Die Bank wird von den Amerikanern beschuldigt, sich an einer conspiracy beteiligt zu haben, also an einer bandenmässigen Anstiftung amerikanischer Bankkunden zum Steuerbetrug. Letztlich hat der auf dieser Grundlage entwickelte Klagedruck dazu geführt, dass die altehrwürdige Privatbank aufgetrennt und in Teilen verkauft werden musste. Die Drohung allein reichte, um den St. Gallern die Luft abzudrehen.

Nach Recherchen der Weltwoche gibt es bis heute keine Beweise, die eine Basis bilden könnten für den von den Amerikanern erhobenen Vorwurf der conspiracy.

Wenig überraschend wird in der «Weltwoche» nicht erklärt, welche vertieften Recherchen diesen Schluss zulassen. Noch weniger überraschend wird die detaillierte Anklageschrift der New Yorker Staatsanwaltschaft nicht zitiert. Was Wegelin alles vorgeworfen wird, hat dafür Carlos Hanimann in der «WoZ» zusammengefasst:

Über die Website swissprivatebank.com konnten US-AmerikanerInnen Kontakt mit der Bank aufnehmen, wenn sie ein Konto eröffnen wollten. Anwälte richteten Scheinfirmen in Liechtenstein, Hongkong oder Panama ein, um die wahren Besitzverhältnisse der Konten zu verschleiern. Die Wegelin-Berater wiesen ihre Kund≠Innen an, nicht aus den USA anzurufen und keine Mails zu schicken. Lieber, so ≠heisst es in einem Fall, sollte der Kunde über SMS kommunizieren, weil die Strafverfolgungsbehörden die riesigen Datenmengen, die weltweit verschickt werden, nicht verfolgen könnten. Ein Kunde wollte bei Anrufen seinen Namen nicht nennen, weshalb er den Codenamen «Elvis» benutzte. Die Bank nahm auch Dokumente von KundInnen an, die bescheinigten, dass ihr Konto nicht vor dem Steueramt versteckt worden sei, wobei es doch gerade zu diesem Zweck bei Wegelin eröffnet worden war.

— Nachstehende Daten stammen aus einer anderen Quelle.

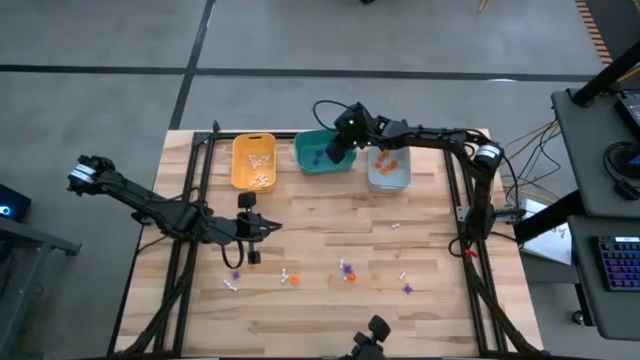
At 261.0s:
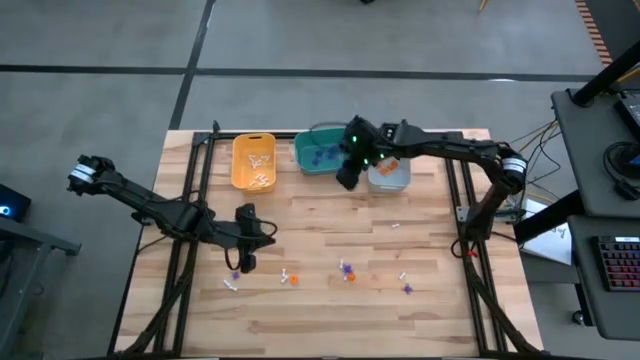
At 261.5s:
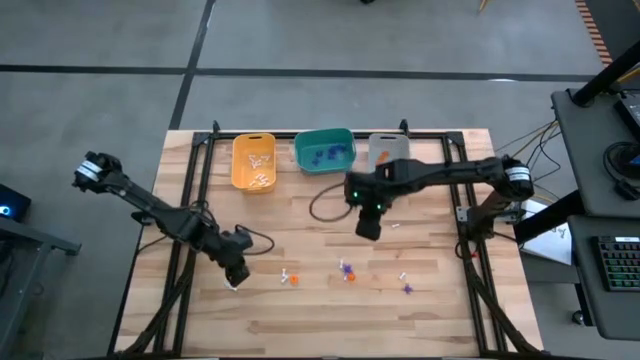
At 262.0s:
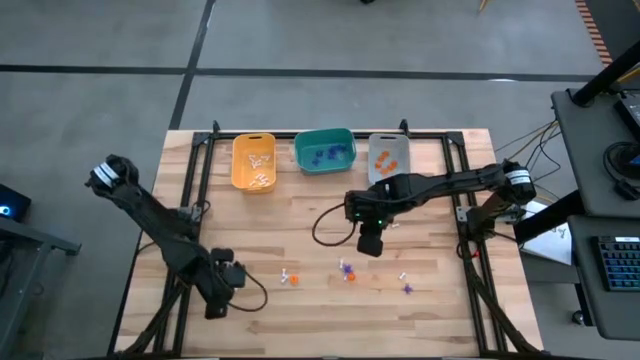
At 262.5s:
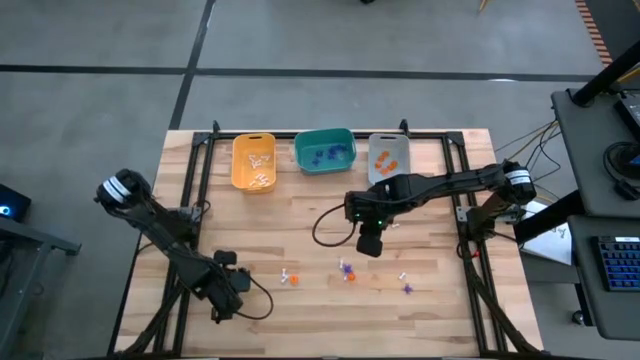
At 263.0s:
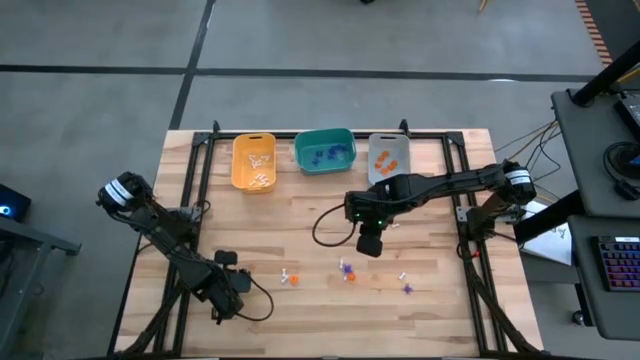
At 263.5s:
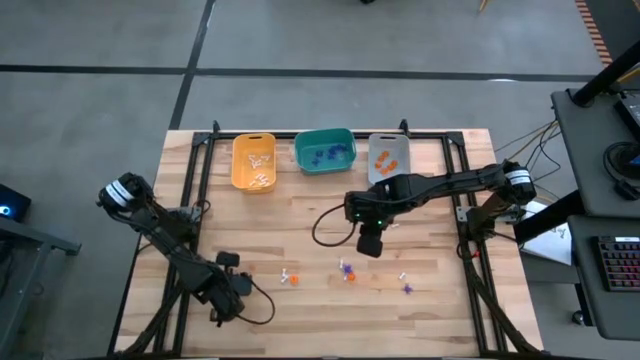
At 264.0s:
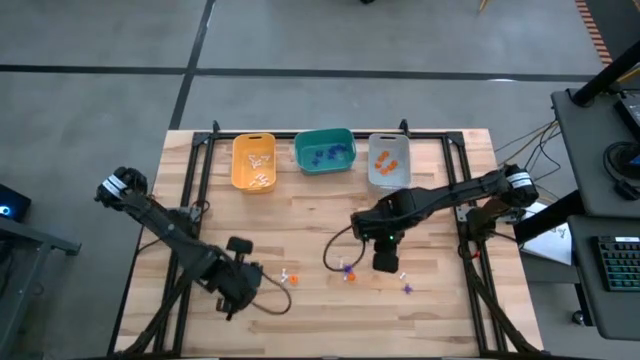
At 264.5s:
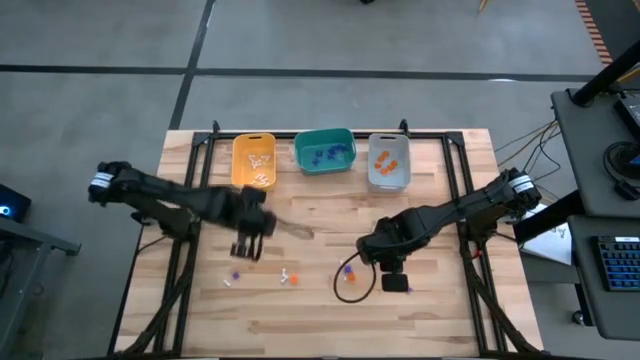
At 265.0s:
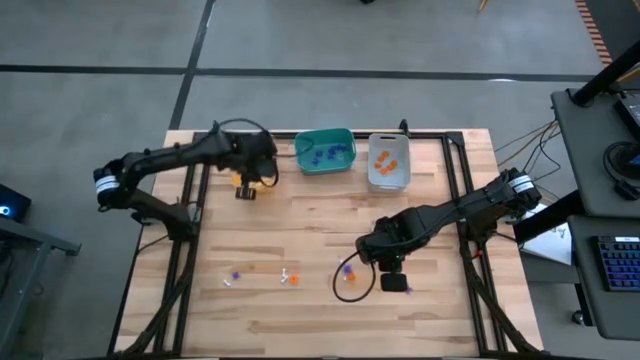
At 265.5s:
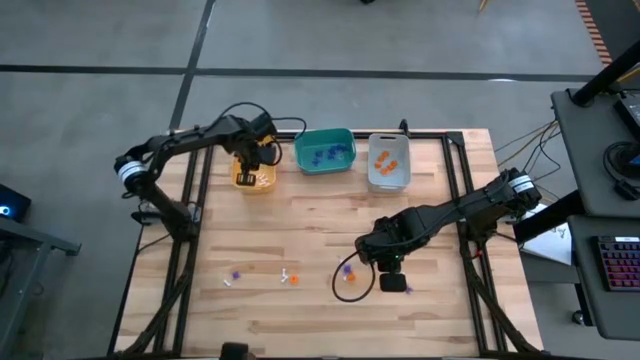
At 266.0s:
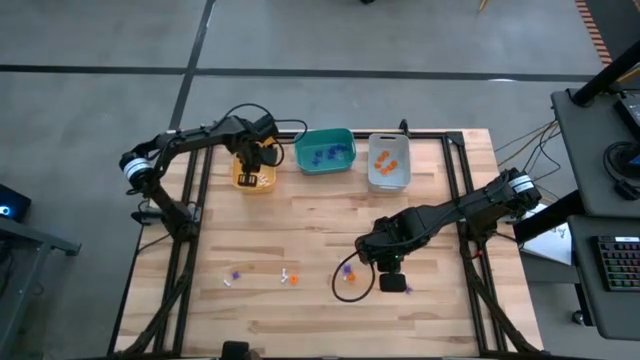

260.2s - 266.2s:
Task: Sort Halloween decoration
Put the white bone toy into the yellow bin

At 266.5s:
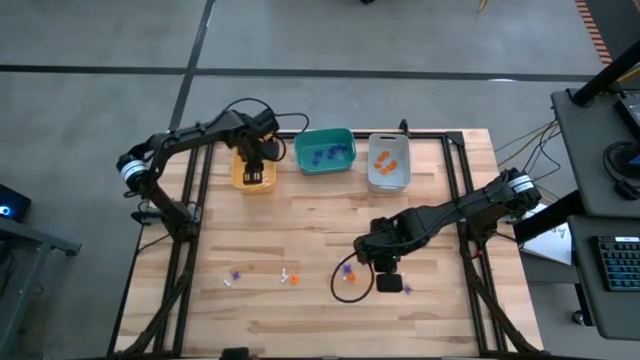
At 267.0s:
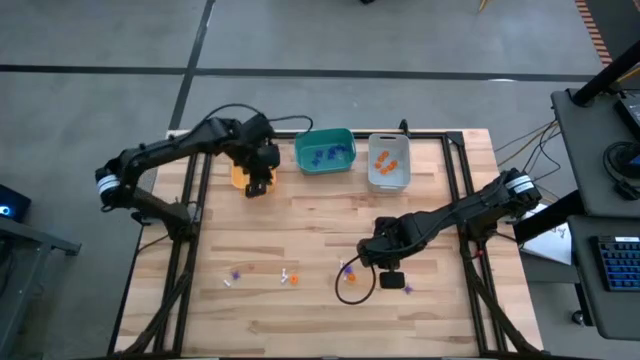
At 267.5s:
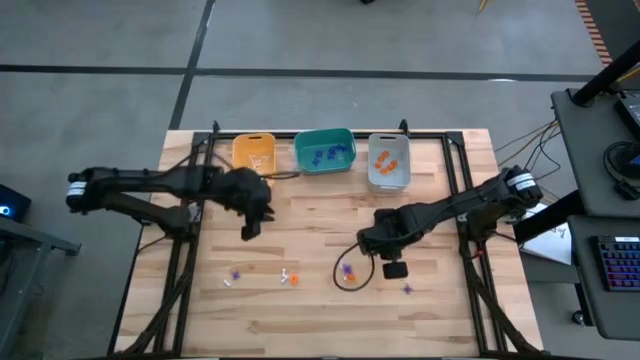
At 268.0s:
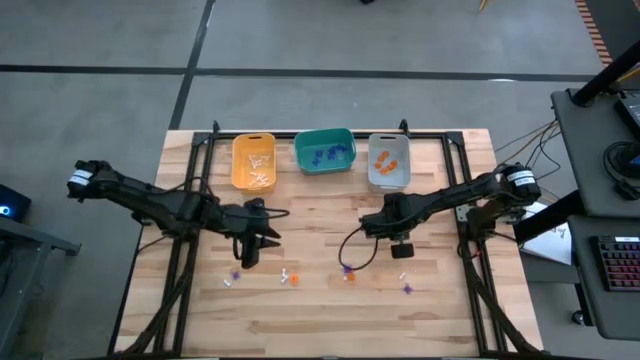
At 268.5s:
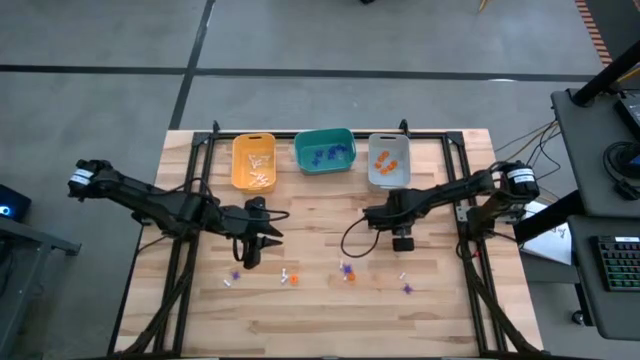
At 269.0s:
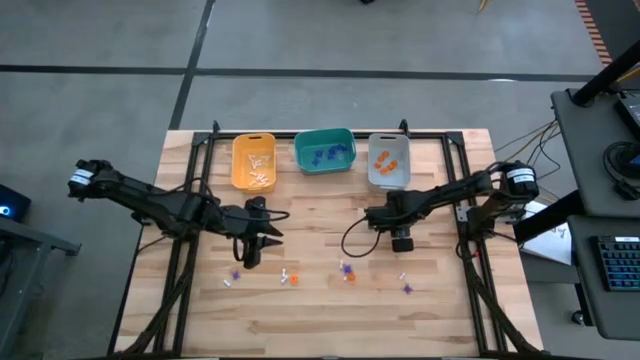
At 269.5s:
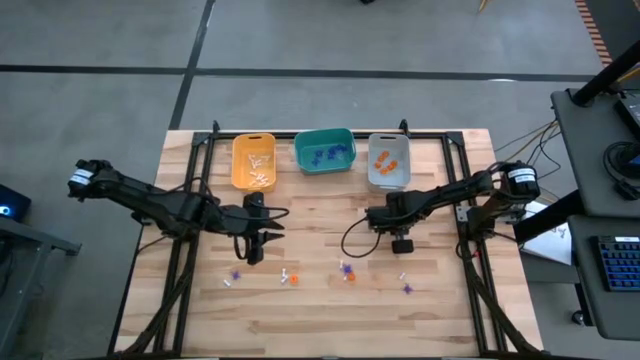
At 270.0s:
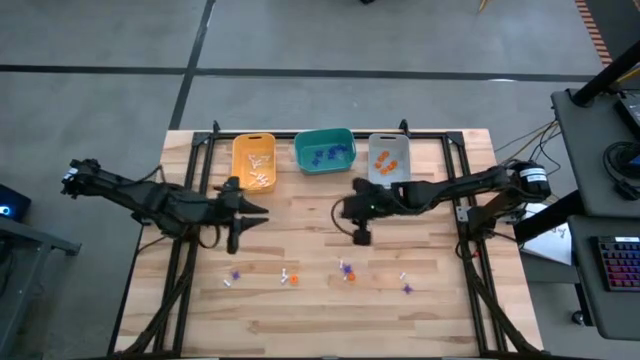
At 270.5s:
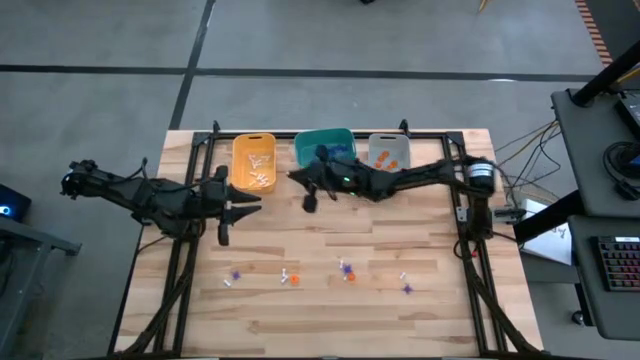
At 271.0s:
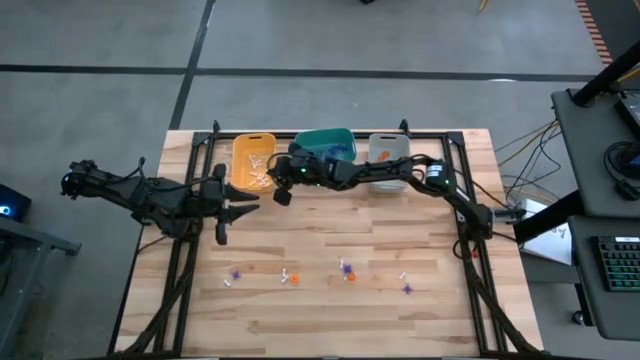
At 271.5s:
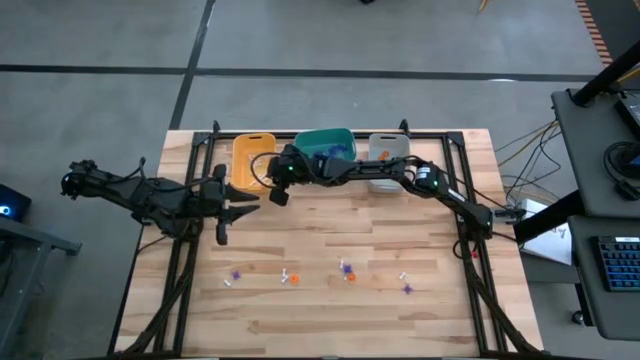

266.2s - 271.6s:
Put the white bone toy into the yellow bin

Die Vermögen auf undeklarierten Konten der Bank stiegen von 240 Millionen im Jahr 2005 auf 1,2 Milliarden US-Dollar im Jahr 2010.

In der Basler Zeitung (!) führt der Ökonom Klaus Wellershoff (früher UBS) in einem Interview mit dem Titel «Bank Wegelin ist nicht Opfer – sie ist Täterin» folgendes aus:

BaZ: Nicht die Politiker, die Banken stehen also jetzt in erster Linie in der Verantwortung?

Wellershoff: Genau. Derzeit haben wir es mit einem eklatanten Versagen der betroffenen Bank- und Verwaltungsräte zu tun. Für alle Bürger mit gesundem Menschenverstand ist es doch überhaupt nicht nachvollziehbar, dass es – nach all den durchlittenen Problemen mit der UBS – die Bank Wegelin gewagt hat, ihre Produkte auf ehemalige UBS-Kunden in den USA auszurichten. Da können einem die Politiker nur leid tun. Sie werden in Geiselhaft genommen und müssen deswegen Notfallübungen veranstalten. Wenn stimmt, was in den Medien verbreitet wird, müssen wir feststellen: Die Bank Wegelin ist nicht Opfer der US-Behörden – sie ist Täterin. Wobei mir scheint, dass Wegelin schon vor dieser USA-Geschichte nicht sonderlich profitabel war und vielleicht ohnehin Probleme bekommen hätte.